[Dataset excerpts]
-- Opening Marker --

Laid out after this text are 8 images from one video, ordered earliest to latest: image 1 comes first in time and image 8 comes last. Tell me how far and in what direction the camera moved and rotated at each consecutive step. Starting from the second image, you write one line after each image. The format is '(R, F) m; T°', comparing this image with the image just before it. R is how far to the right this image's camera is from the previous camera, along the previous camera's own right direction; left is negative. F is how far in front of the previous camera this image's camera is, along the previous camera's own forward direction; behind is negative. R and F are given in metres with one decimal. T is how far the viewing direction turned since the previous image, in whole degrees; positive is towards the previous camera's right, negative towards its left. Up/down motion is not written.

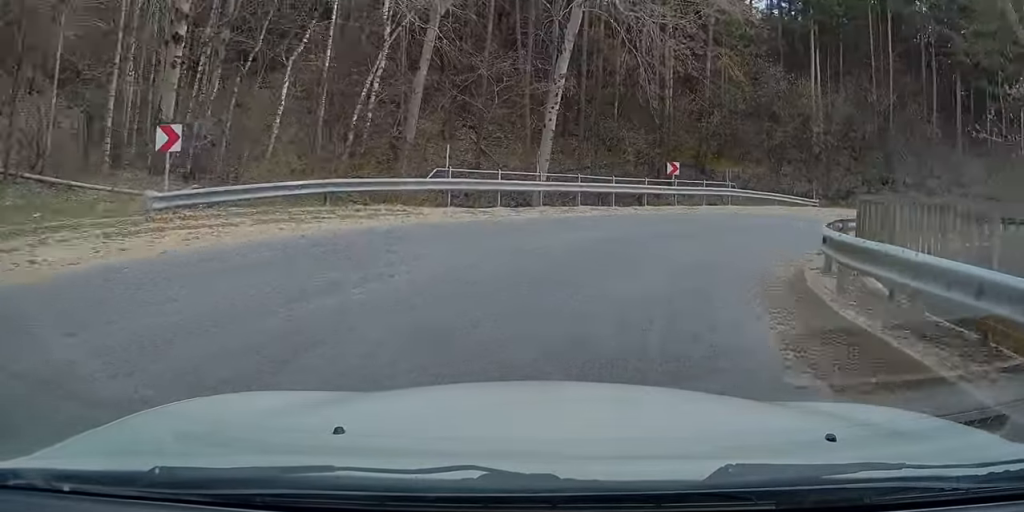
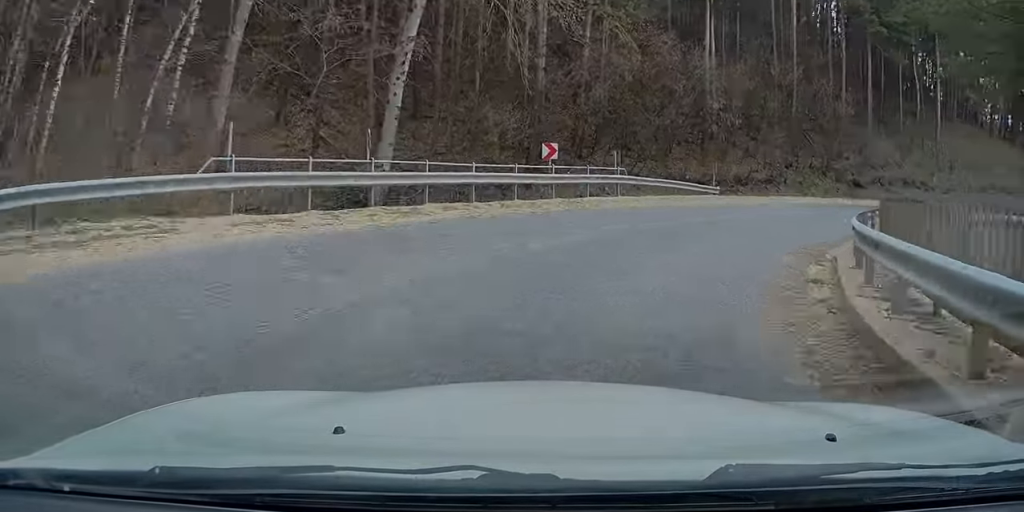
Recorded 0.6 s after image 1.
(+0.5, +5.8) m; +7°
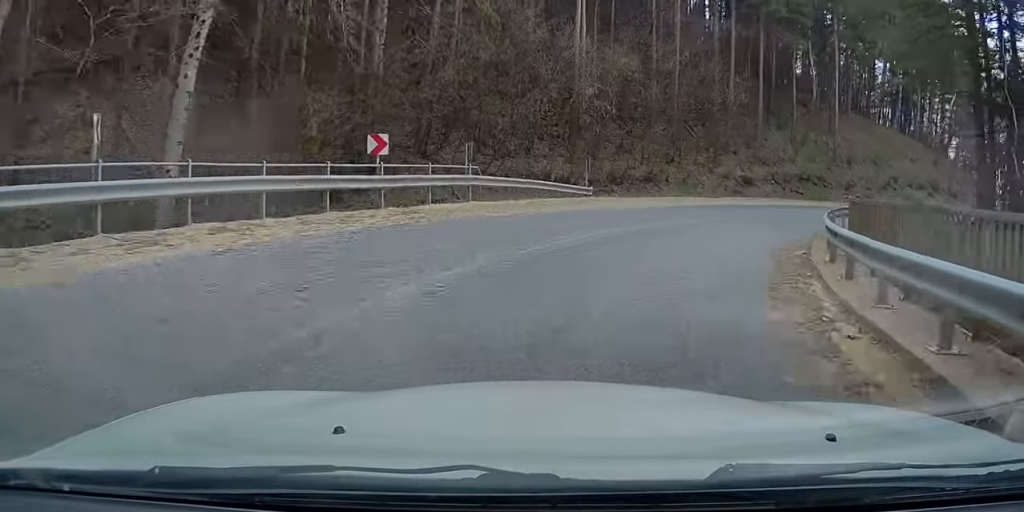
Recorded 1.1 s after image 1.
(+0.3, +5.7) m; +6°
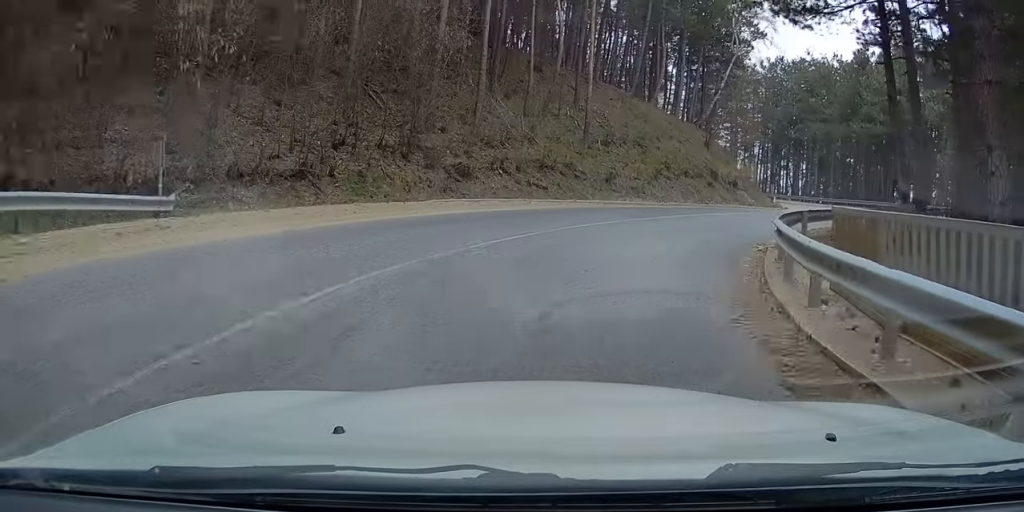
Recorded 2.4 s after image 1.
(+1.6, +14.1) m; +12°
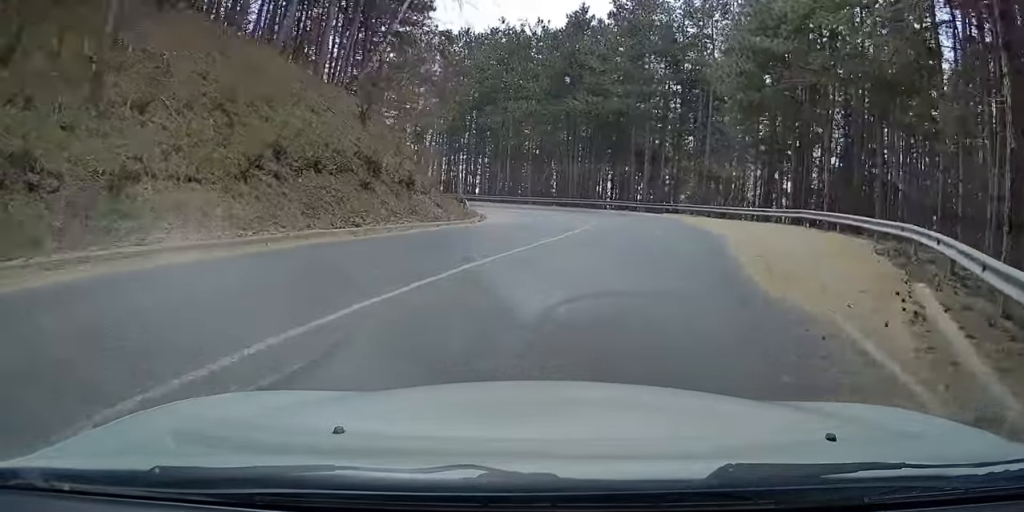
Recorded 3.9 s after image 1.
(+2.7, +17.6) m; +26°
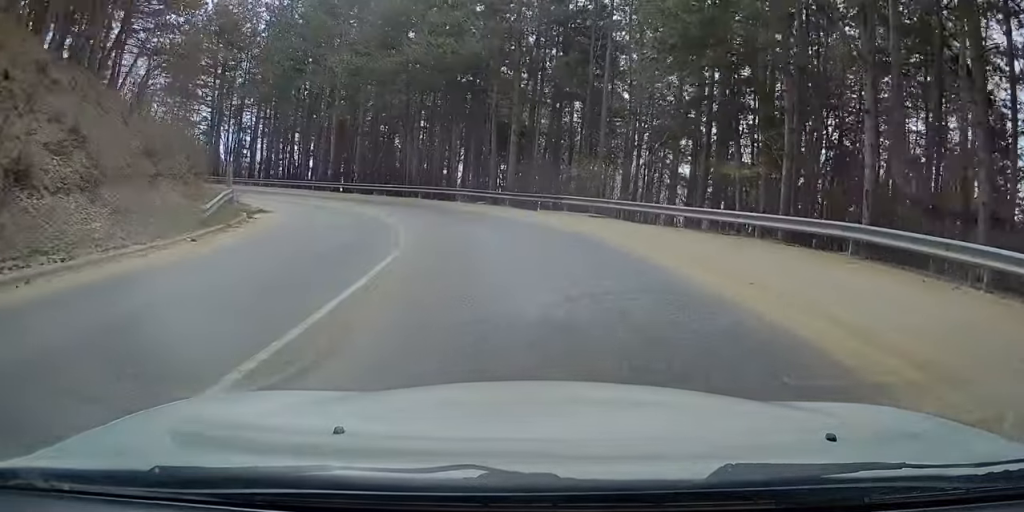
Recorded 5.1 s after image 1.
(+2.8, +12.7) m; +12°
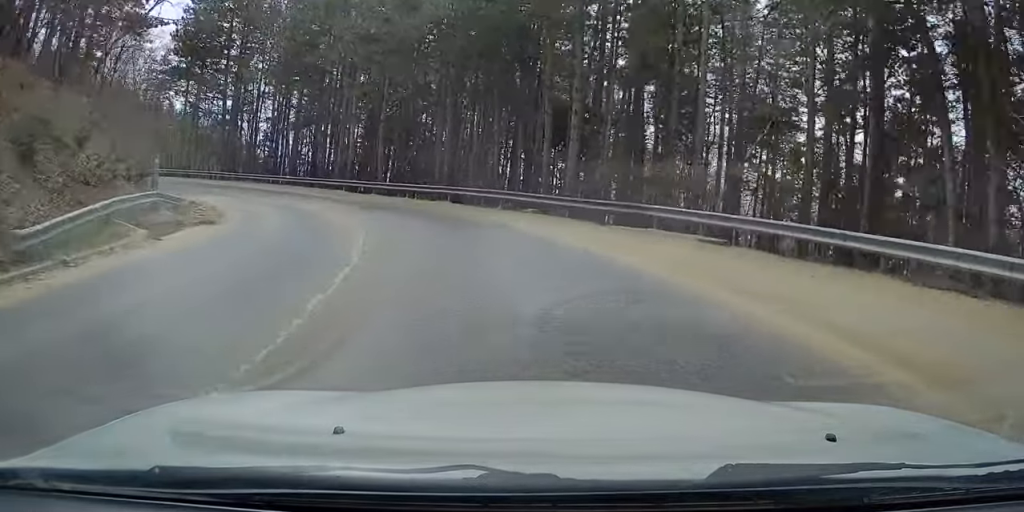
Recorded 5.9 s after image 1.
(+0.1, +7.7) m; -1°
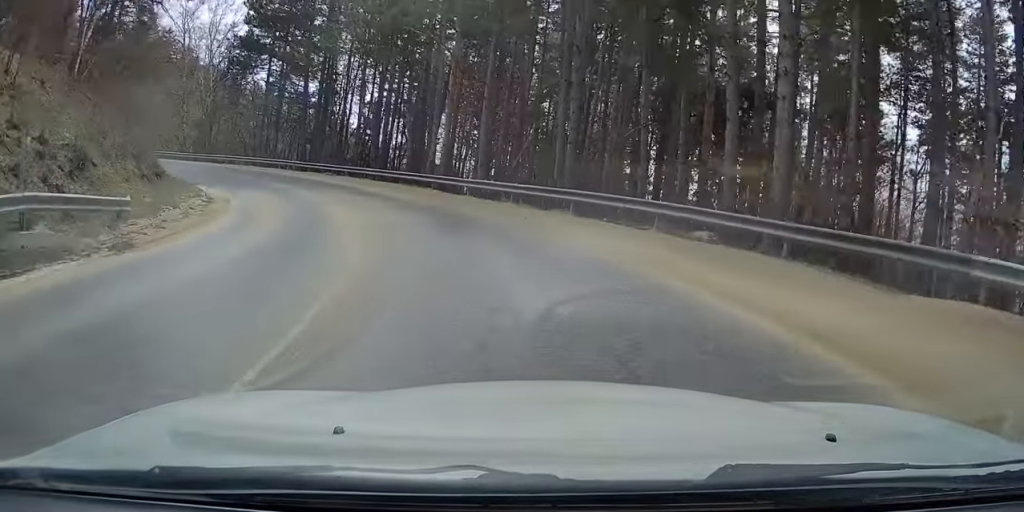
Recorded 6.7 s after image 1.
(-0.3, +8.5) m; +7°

-- Closing Marker --

Leaving the images out, print the records above exactly.

Laid out after this text are 8 images from one video, ordered earliest to latest: image 1 comes first in time and image 8 comes last. Tell me how far and in what direction the camera moved and rotated at each consecutive step. Starting from the second image, you write one line after each image. The format is '(R, F) m; T°', comparing this image with the image just before it. R is how far to the right this image's camera is from the previous camera, along the previous camera's own right direction; left is negative. F is how far in front of the previous camera this image's camera is, along the previous camera's own forward direction; behind is negative. R and F are given in metres with one decimal. T is how far the viewing direction turned since the previous image, in whole degrees; positive is towards the previous camera's right, negative towards its left. Up/down motion is not written.

Recorded 0.6 s after image 1.
(+0.5, +5.8) m; +7°
Recorded 1.1 s after image 1.
(+0.3, +5.7) m; +6°
Recorded 2.4 s after image 1.
(+1.6, +14.1) m; +12°
Recorded 3.9 s after image 1.
(+2.7, +17.6) m; +26°
Recorded 5.1 s after image 1.
(+2.8, +12.7) m; +12°
Recorded 5.9 s after image 1.
(+0.1, +7.7) m; -1°
Recorded 6.7 s after image 1.
(-0.3, +8.5) m; +7°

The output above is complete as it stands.